Dernek binasında gerçekleştirilen seminerde Musa Üzer’in konuşmasında öne çıkan vurgular:

Müslümanlar Yaşadığı Dünyayı Muhasebe Etmeli!

Müslümanların nasıl bir dünyada yaşadığımız, nasıl bir sosyal ortamda olduğumuzun tahlilini sağlıklı bir şekilde yapamadıklarını, yaşadığımız problemlerin yerel, bölgesel ya da küresel olsa da temelde sorunların ana kaynağının aynı olduğu ifade edildi. Dolayısıyla hayatı varoluşsal bir bakış açısıyla sorgulama sorumluluğu olan Müslümanlar olarak kurgulandırılmış, sonradan türetilmiş ve bizlere dayatılmış yaşam biçimlerini sorgulamak; zihinsel olarak bu kirliliklerden arınmak öncelikli yapmamız gereken bir davranıştır.

Müslümanlar varlık âleminin en değerli kişisi olarak ilahi olanı tanımayan, kutsallarımıza düşman olanlar tarafından örgütlendirilmiş küresel sistemi ve onlardan türeyen her türlü ideolojileri sorgulamalıdırlar. Bütün bir varlığın sorumluluğu kendisine emanet edilen, yeryüzünün halifesi olan tüm Müslümanlar bu duyarlılıkta yaşadığı çağı iyi okuyup sorgulamalıdır.

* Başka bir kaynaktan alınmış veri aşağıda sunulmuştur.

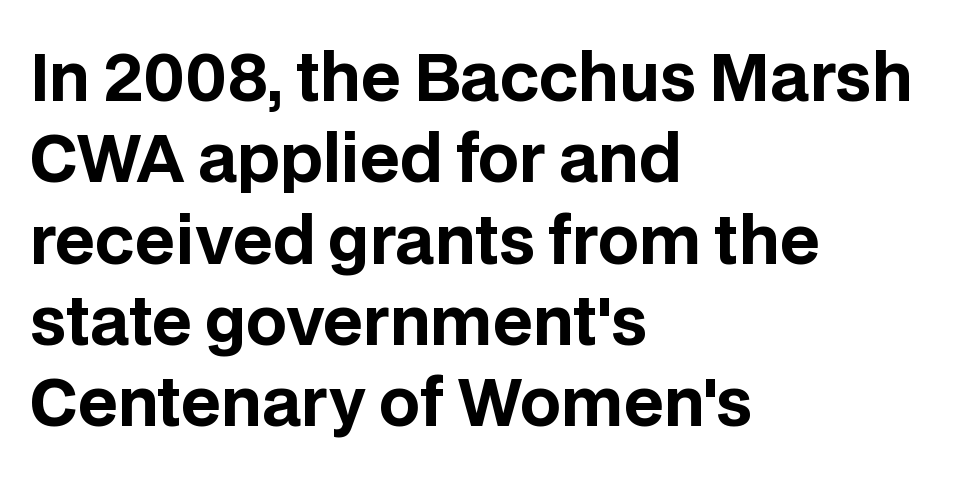
The image shows 64 px bold sans-serif type, upright; set left-aligned, normal line spacing (1.27x), normal letter spacing, not underlined; low stroke contrast and a large x-height.
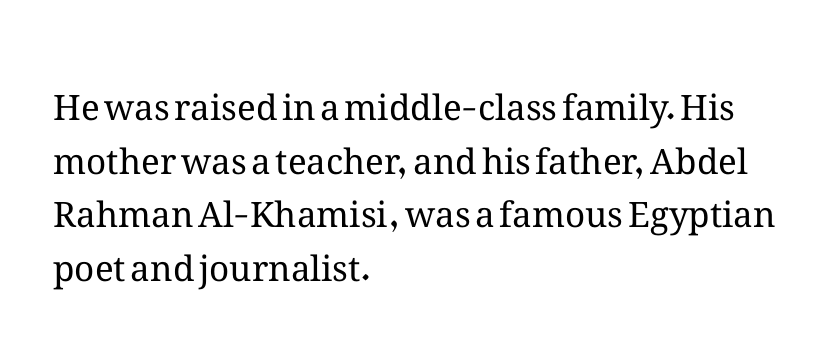
{"italic": "no", "bold": "no", "weight": "regular", "width": "normal", "stroke_contrast": "medium", "x_height": "medium", "monospaced": "no", "underline": "no", "align": "left", "line_spacing": "normal", "line_spacing_ratio": 1.53, "letter_spacing": "normal", "letter_spacing_em": 0.0, "glyph_px": 35}

Yozlaşma ve İfsad Bir Sistem Sorunudur!

Yozlaşma ve ifsad sorununun “bir tekillik sorunu, bir bireysellik sorununu aşarak tikel olmadığını, tümel olduğunu ve sorunun tümüyle bir sistem sorunu olduğunu” ifade ederek yozlaşma ve ifsadın zaman zaman ya da sınırlı bazı mekânlarda tezahür eden bir mekanizma olmadığını, Cahili bir sistematiğinin olduğunu ifade ederek konuşmasına devam eden Üzer, bu Cahili sistemin, hayatın istisnasız her alanını kuşattığını ve modernitenin dünyada kendini hissettirdiğinden bu yana, hayatın örgütlendirilmiş bir hayat olduğu, siyasi, sosyal, kültürel, ekonomik, sportif veya sanatsal olarak her ünitesiyle belli bir paradigmaya bağlı olduğunu ve belli bir anlayış üzerine kurgulandığını ifade etti. Kurgulanan bu sistemin tam olarak cahili sistem olduğunu ve tasavvurlarımızın her noktasını kapsadığını, üzerimize yapıştığına dikkat çekti. İnsanlık tarihi boyunca böyle sistematik bir bozulmanın görülmediğine değinen Musa Üzer, bu yozlaşmış sistemin bir insan anlayışının, tabiat anlayışının, ahlak anlayışının, özgürlük anlayışının, adalet anlayışının bulunduğunu ve aslında her alanda bir felsefeye sahip olduğunu ve bu anlayışın, bu felsefenin tamamıyla İslam ile çatıştığını belirtti.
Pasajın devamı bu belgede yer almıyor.